# Exercise objective
Check every line of the data below for the string "φαίνεται", and copy the ones that hold it.

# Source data
Start of Block
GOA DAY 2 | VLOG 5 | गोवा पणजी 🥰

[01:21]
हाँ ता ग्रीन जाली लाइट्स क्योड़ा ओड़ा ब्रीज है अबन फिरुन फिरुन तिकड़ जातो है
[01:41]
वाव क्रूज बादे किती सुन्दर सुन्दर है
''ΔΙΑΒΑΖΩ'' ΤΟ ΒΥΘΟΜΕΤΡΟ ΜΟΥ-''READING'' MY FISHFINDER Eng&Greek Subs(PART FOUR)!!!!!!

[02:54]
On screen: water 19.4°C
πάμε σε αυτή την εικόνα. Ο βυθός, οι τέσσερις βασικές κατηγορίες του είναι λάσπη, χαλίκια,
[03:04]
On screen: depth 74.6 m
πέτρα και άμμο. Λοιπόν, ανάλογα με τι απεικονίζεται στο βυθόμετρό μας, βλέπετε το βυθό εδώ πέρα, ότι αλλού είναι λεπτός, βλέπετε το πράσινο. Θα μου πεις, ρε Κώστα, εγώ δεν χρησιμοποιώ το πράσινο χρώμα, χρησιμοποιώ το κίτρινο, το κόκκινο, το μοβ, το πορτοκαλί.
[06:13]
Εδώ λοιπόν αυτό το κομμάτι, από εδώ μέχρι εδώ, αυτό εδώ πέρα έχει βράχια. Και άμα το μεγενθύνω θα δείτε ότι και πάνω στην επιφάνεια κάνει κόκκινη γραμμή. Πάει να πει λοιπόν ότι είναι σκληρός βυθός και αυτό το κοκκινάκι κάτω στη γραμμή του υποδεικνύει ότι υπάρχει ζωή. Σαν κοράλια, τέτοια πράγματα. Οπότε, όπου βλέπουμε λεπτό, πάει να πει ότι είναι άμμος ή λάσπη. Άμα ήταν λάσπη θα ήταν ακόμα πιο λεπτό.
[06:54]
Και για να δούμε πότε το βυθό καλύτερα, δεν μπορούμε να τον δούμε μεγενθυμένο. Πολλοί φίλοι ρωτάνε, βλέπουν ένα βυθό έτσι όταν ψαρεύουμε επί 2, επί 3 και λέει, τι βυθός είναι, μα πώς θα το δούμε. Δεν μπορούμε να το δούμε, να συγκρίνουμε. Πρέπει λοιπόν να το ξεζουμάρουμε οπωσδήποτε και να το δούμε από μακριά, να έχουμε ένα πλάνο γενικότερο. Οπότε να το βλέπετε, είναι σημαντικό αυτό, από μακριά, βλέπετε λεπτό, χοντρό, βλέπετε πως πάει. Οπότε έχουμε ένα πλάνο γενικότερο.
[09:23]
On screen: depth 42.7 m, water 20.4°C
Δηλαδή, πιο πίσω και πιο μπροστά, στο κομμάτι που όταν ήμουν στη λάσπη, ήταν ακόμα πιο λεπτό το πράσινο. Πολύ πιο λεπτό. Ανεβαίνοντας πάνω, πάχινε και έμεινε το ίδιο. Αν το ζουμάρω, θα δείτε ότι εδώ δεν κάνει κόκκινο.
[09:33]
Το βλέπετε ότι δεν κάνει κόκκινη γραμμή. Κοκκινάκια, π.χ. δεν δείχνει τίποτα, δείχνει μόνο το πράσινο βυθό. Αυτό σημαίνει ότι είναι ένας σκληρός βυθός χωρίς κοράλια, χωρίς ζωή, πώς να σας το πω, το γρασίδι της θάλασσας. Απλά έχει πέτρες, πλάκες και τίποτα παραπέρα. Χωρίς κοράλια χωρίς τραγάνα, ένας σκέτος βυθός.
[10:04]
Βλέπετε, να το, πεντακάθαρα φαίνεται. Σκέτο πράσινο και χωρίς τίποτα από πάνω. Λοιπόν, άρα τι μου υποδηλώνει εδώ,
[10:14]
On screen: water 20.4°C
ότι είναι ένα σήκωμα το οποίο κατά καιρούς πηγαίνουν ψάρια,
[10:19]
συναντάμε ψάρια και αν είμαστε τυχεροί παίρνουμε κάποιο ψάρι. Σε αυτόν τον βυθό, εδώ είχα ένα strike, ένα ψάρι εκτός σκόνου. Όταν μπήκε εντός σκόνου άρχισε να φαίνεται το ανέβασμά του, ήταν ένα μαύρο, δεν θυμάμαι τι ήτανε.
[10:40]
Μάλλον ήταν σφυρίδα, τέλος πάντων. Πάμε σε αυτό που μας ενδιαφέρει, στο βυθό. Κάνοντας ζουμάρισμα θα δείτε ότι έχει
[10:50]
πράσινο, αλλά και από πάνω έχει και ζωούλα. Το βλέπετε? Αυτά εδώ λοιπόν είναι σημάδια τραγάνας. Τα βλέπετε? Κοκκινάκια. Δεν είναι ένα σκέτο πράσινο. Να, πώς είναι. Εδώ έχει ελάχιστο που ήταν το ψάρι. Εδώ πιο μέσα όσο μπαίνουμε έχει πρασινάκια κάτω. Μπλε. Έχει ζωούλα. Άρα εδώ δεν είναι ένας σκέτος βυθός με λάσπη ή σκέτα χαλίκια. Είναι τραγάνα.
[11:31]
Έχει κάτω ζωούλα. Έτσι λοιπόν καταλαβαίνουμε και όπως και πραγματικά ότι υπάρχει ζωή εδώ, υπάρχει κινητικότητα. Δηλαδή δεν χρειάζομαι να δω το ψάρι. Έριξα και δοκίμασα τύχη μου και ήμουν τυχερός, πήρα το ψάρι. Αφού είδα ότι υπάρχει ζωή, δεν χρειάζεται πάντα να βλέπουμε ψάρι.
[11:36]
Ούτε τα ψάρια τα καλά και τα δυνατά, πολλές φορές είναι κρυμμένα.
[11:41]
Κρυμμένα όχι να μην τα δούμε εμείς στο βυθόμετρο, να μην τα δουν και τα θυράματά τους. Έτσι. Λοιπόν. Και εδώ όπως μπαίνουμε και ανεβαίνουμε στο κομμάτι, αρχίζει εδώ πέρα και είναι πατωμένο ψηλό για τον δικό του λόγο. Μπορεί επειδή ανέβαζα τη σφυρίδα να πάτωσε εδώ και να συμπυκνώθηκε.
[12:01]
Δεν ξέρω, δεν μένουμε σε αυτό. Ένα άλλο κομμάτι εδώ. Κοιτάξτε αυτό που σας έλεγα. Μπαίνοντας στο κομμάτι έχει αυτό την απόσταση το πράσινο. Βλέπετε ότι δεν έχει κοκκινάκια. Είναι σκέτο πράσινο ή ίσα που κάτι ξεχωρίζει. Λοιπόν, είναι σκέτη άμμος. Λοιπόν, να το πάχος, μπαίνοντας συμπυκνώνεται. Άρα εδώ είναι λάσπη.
End of Block
# Problem solution
Βλέπετε, να το, πεντακάθαρα φαίνεται. Σκέτο πράσινο και χωρίς τίποτα από πάνω. Λοιπόν, άρα τι μου υποδηλώνει εδώ,
συναντάμε ψάρια και αν είμαστε τυχεροί παίρνουμε κάποιο ψάρι. Σε αυτόν τον βυθό, εδώ είχα ένα strike, ένα ψάρι εκτός σκόνου. Όταν μπήκε εντός σκόνου άρχισε να φαίνεται το ανέβασμά του, ήταν ένα μαύρο, δεν θυμάμαι τι ήτανε.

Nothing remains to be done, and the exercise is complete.